The geological model developed and presented in companion product 2.1-2.2 for the Galilee subregion (Evans et al., 2018) provides a solid basis for the representation of the regional geology. Adding local detail on the Cenozoic cover sediments and the position and extent of coal seams in the upper Permian coal measures will not only allow for the making of more robust and accurate predictions of the hydrological change in the Cenozoic cover, but it will allow independent estimates of mine pumping rates, as for example has been done in Turvey et al. (2015).

Further investment in the development of the Galilee Basin hydrogeological (GBH) numerical model presented in Turvey et al. (2015), such as improving numerical stability, and integration of such a model in a probabilistic framework, such as is outlined, for example, in companion submethodology M09 (as listed in Table 1) for propagating uncertainty through models (Peeters et al., 2016), will allow for the making of more robust predictions, and formally test the effect of the technical limitations in the analytic element model, such as the layer geometry and spatially varying properties.

The sensitivity analysis indicated that the hydraulic properties of the upper Permian coal measures and the Cenozoic cover are the most influential parameters to estimate maximum drawdown and year of maximum change.

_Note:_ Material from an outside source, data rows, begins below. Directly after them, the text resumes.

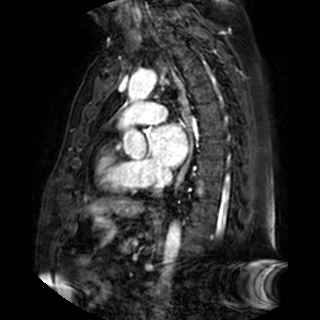 Heart | Magnetic resonance
Segmented structures:
• left atrium: {"x1": 150, "y1": 125, "x2": 186, "y2": 166}
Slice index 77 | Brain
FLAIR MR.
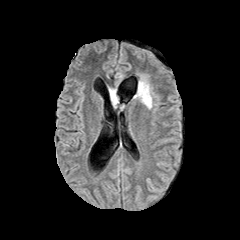
T1-weighted magnetic resonance.
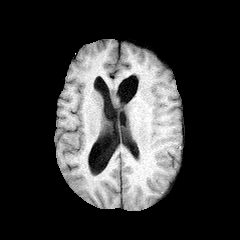
Post-contrast T1-weighted MRI.
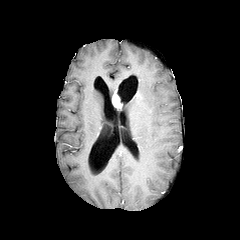
T2-weighted MRI.
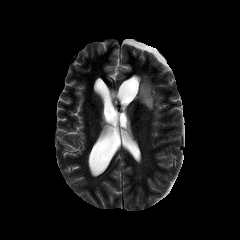
Findings:
* edema: 133,75,157,109
* enhancing tumor: 112,91,120,107
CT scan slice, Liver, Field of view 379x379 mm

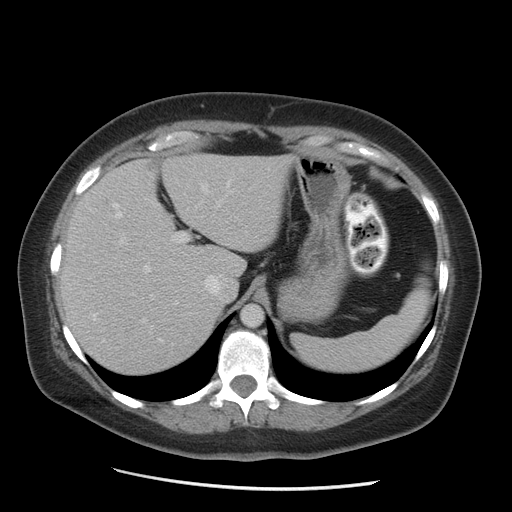

The hepatic lesion is at 145, 155, 163, 172. The liver is at 58, 154, 290, 373.
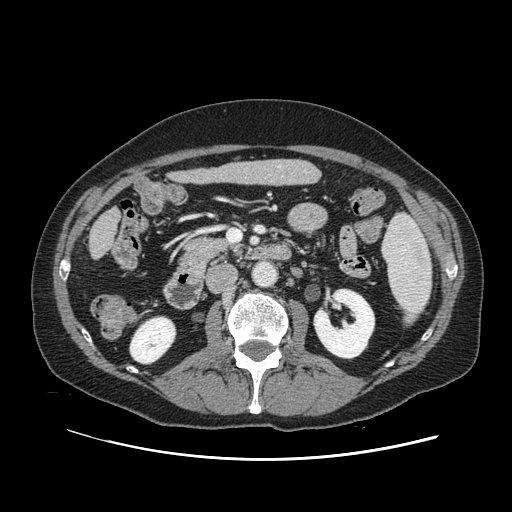
CT slice; 512x512 px
{"pancreas": [{"x1": 179, "y1": 238, "x2": 230, "y2": 273}]}
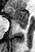

MRI slice

Anterior hippocampus — <box>7,7,27,21</box>.
Posterior hippocampus — <box>13,21,27,29</box>.
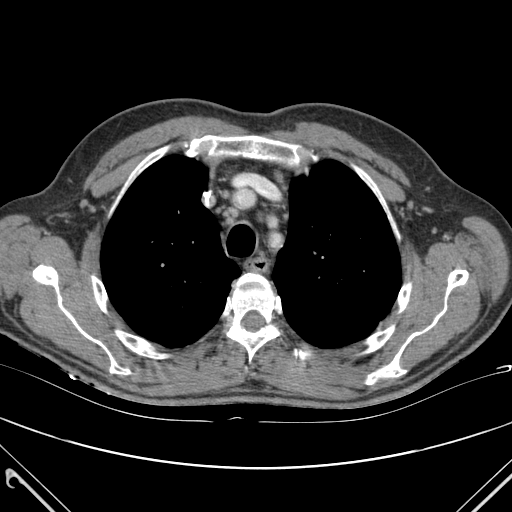

CT image.
bone: <bbox>398, 283, 411, 311</bbox>, <bbox>366, 326, 394, 352</bbox>, <bbox>116, 330, 164, 358</bbox>, <bbox>224, 273, 281, 360</bbox>, <bbox>295, 350, 308, 358</bbox>, <bbox>366, 270, 468, 384</bbox>, <bbox>33, 265, 130, 374</bbox>, <bbox>129, 147, 167, 180</bbox>, <bbox>184, 135, 305, 163</bbox>, <bbox>355, 167, 385, 207</bbox>, <bbox>92, 276, 106, 312</bbox> | lung: <bbox>272, 160, 400, 347</bbox>, <bbox>100, 155, 240, 347</bbox>
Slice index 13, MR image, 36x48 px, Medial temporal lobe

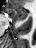 Anterior hippocampus: <bbox>8, 8, 27, 20</bbox>.
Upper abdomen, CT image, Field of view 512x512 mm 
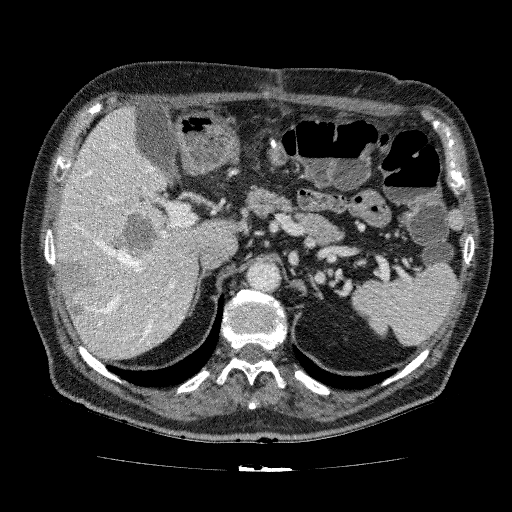

Liver — (x1=54, y1=105, x2=240, y2=359).
Hepatic lesion — (x1=164, y1=311, x2=175, y2=323), (x1=105, y1=210, x2=162, y2=259), (x1=56, y1=256, x2=97, y2=320).
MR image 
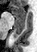

{"anterior_hippocampus": ["11, 6, 26, 18"], "posterior_hippocampus": ["13, 19, 25, 38"]}
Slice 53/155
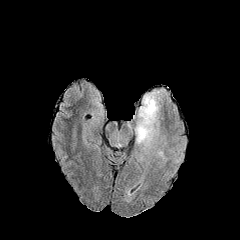
FLAIR MRI.
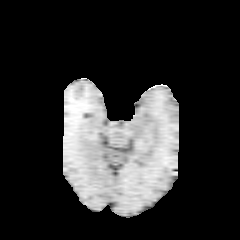
T1-weighted magnetic resonance of the same slice.
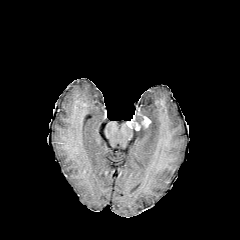
Post-contrast T1-weighted MR image.
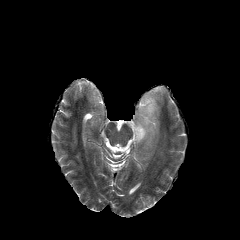
Same slice, T2-weighted MRI.
* non-enhancing tumor core: region(134, 114, 143, 130)
* enhancing tumor: region(126, 111, 151, 130)
* edema: region(132, 90, 165, 152)
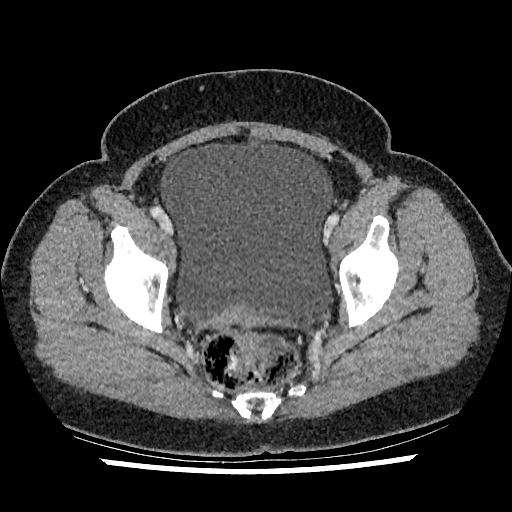
CT. Urinary bladder = rect(161, 142, 332, 328).

Turvey et al. (2015) indicated that the current observation dataset is not well suited to constrain these parameters. The predictive uncertainty has the most potential to be reduced by gathering additional information on both the upper Permian coal measures and the Cenozoic cover. This includes both observations of the hydraulic parameters, the conductivity and storage, and observations of the state variables such as fluxes and groundwater levels.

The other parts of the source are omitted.